Before planting a vineyard like this, we bring in experts to take soil samples from various parts of the property, and also to measure the specific mesoclimate1 throughout the vineyard. With this information, we can make good decisions about selecting the optimal clone2 and root-stock hybrid3 for the site, and also set up the best spacing and row orientation for eventual wine quality.
For this site, we selected the low-vigor, SO4 rootstock in order to keep the yields down and flavors concentrated. A vertical trellis system4 in this location, running east-west, allows for plenty of light exposure to heighten fruitiness with very little risk of sunburn.
With these choices made, we lay out the posts, stakes and wires for the trellis. We dug the holes, planted and trained the vines and attached the trellis wires by hand. A drip irrigation system completes the installation.
From planting the rootstock or benchgrafts5, it is 3-4 years to the first small crop. We think of the vineyard as mature when it is 6 or 7 years old, and hope that it will be with us for decades.
A Year In The Vineyard
Once the vineyard is established, keeping the vines healthy is a year-round project. Surprisingly, the weather experienced in winter can have an influence on the timing, quantity and quality of the harvest to follow.
Grapevines are like roses in many respects. They drop all of their leaves and go dormant in the winter. This rest is very important to vineyard health and performance in the following season. Like roses, the vines require severe winter pruning to determine how many shoots and clusters will appear in the spring. Almost all of the growth from the previous season is pruned off, so that the vines will bear a small, intensely flavored crop.
If we have a long, cold winter, the vines “sleep in”, and come out of dormancy late. If the winter is mild, they’re likely to wake up (we call it “bud break”) early. Bud break is usually in the middle of March, but we’d much rather that it be late than early. Early bud break means the increased risk of frost damage. A beautiful, clear day in the late winter/early spring can turn into a freezing, cold night. The newly exposed, tender buds will be damaged if the temperature drops below 32° F. The risk lasts through mid-May. This can lead to many nights of poor sleep for growers all over the valley. Geoff and Rosario, his assistant, may have to get up in the middle of the night several times during these months, to protect the vines from frost using wind machines6 and smudge pots7. The upside of early bud-break is that it can translate into an early harvest and reduces our risk of rain damage on the other end. It all depends on the weather that follows.

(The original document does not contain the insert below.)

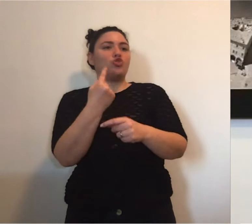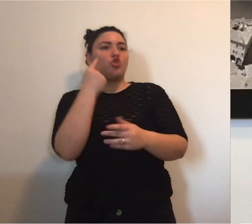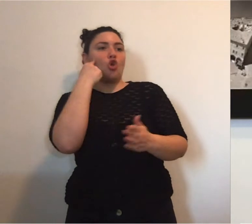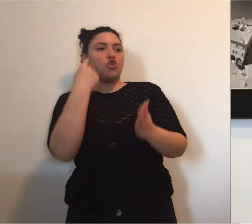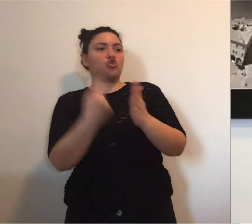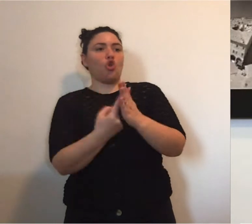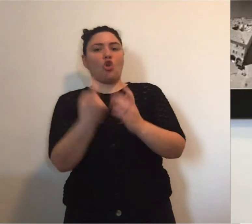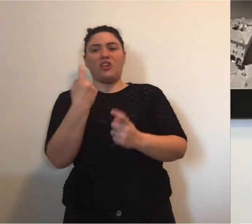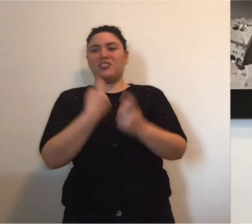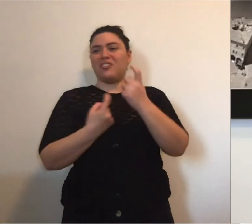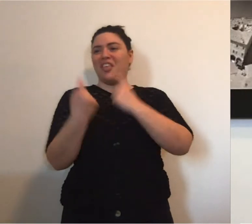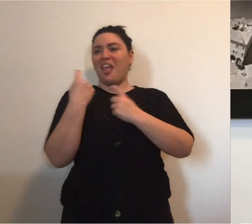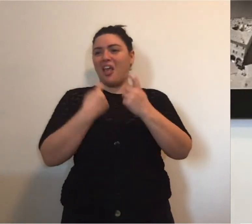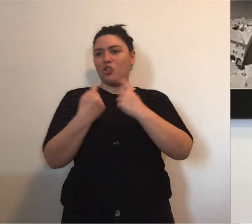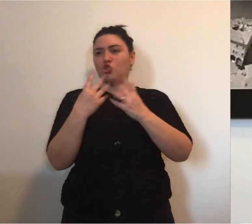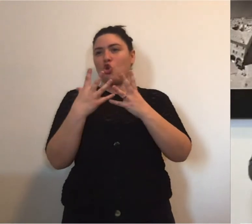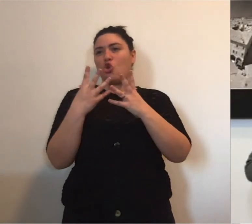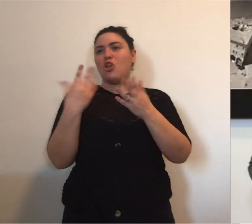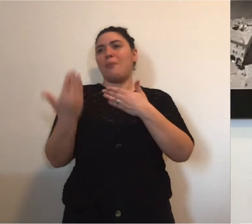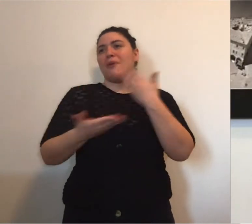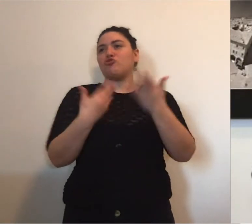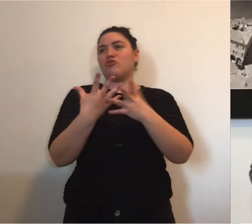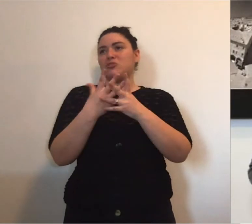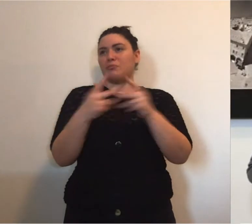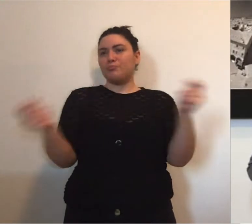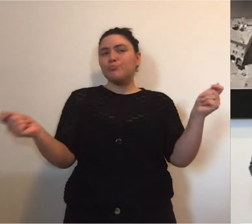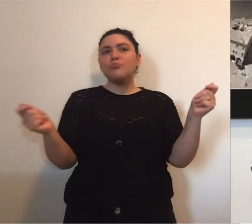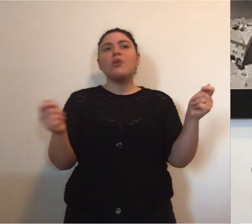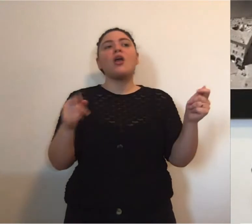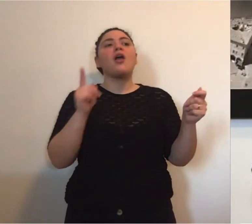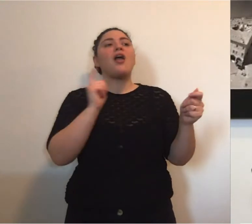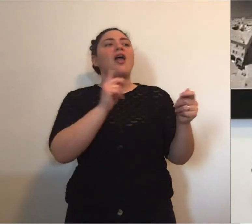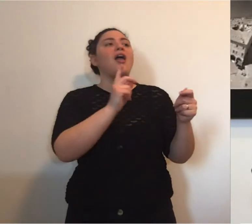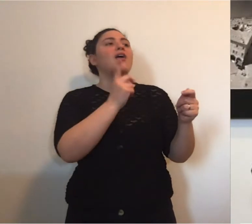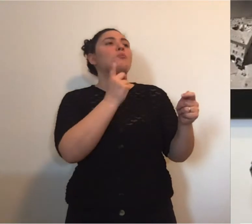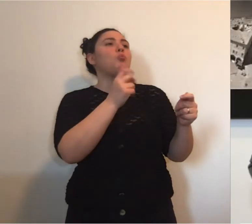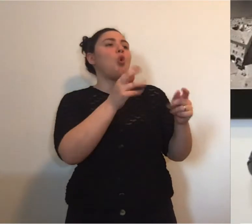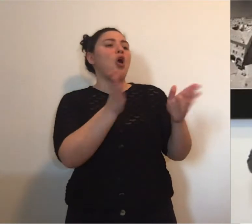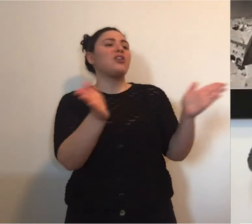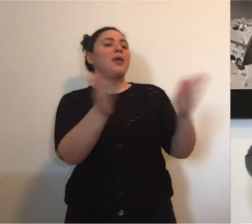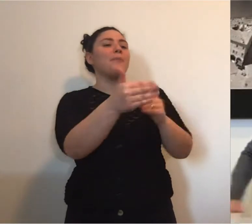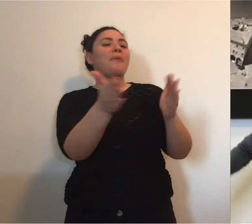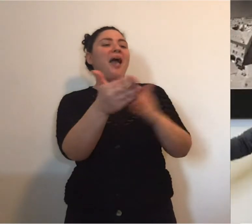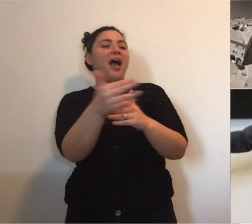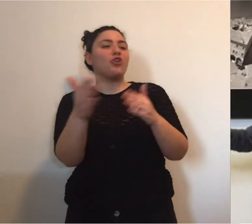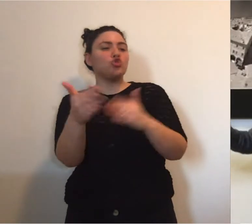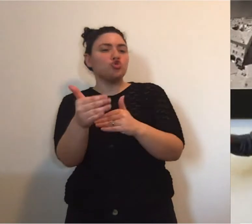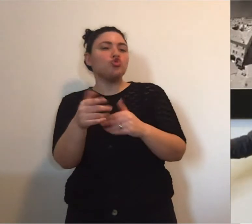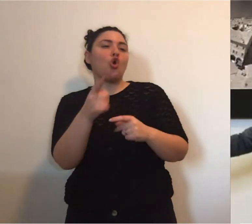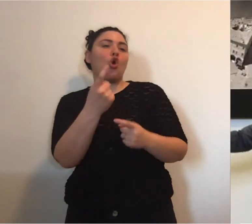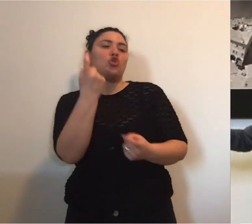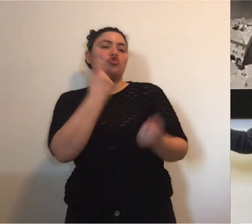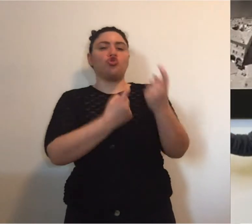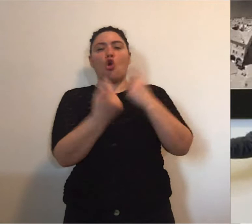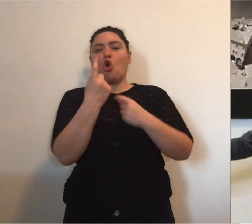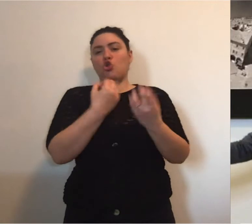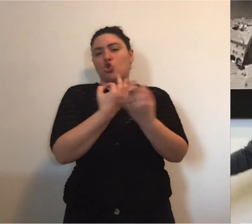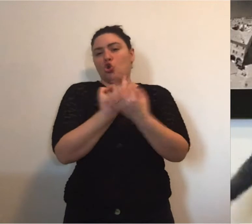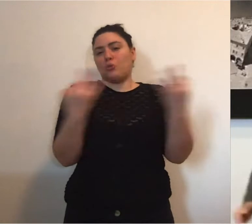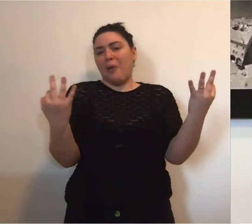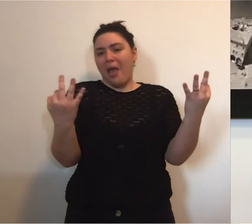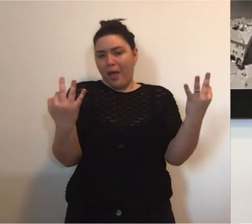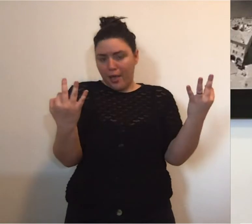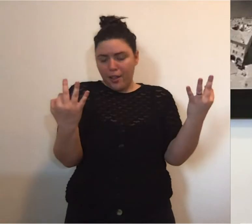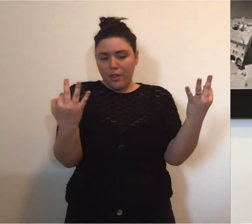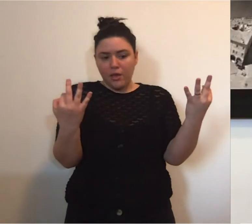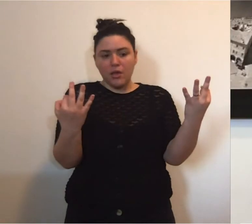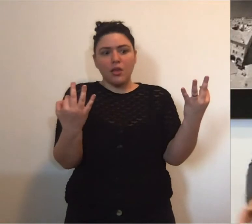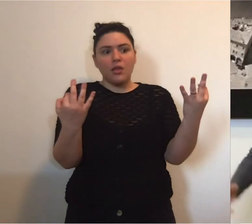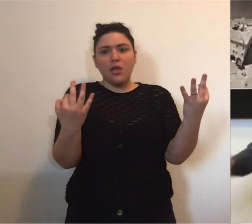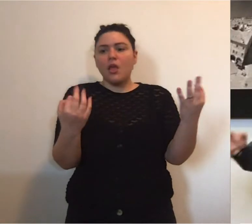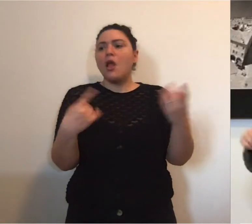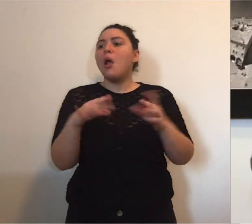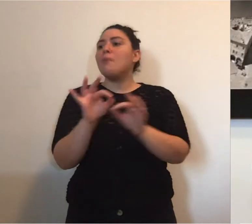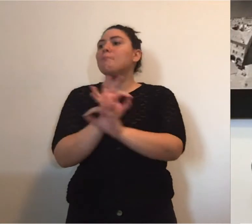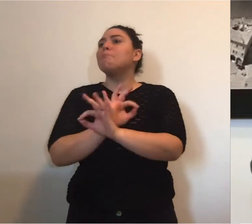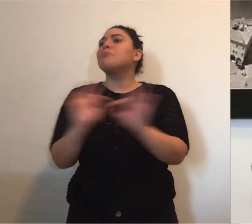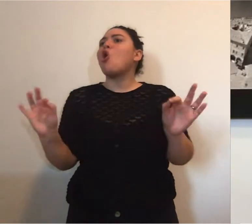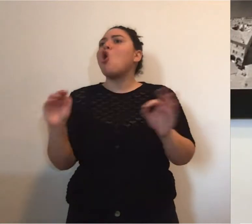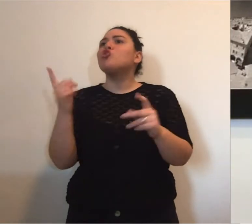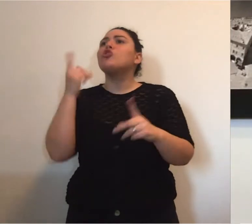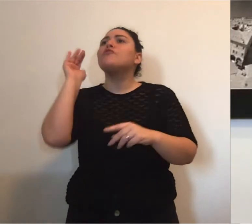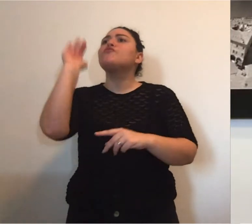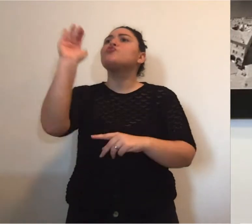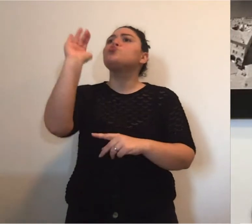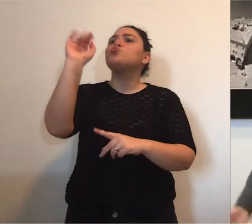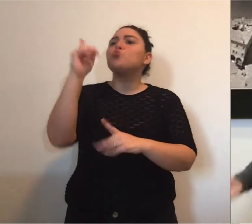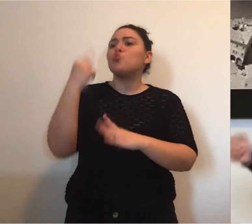intensive, ma un ritorno ai numeri precedenti perché ci mettiamo in condizione di avere un livello

Early spring is a period we call “great growth” in the vineyard, because the new shoots grow like gang-busters. We sometimes imagine we can see them grow! This great growth creates a lot of work, including weed cultivation, suckering8 and thinning. The suckering is done by hand, and is like a post-pruning. We dormant-prune with the idea that we’ll get certain results, but inevitably, the vines do as they please, and require more of our attention. Once the shoots are a few inches long, Geoff can begin walking the vine rows to make sure they’re developing well, and also to look for signs of disease or nutrient deficiencies. This continues throughout the growing season.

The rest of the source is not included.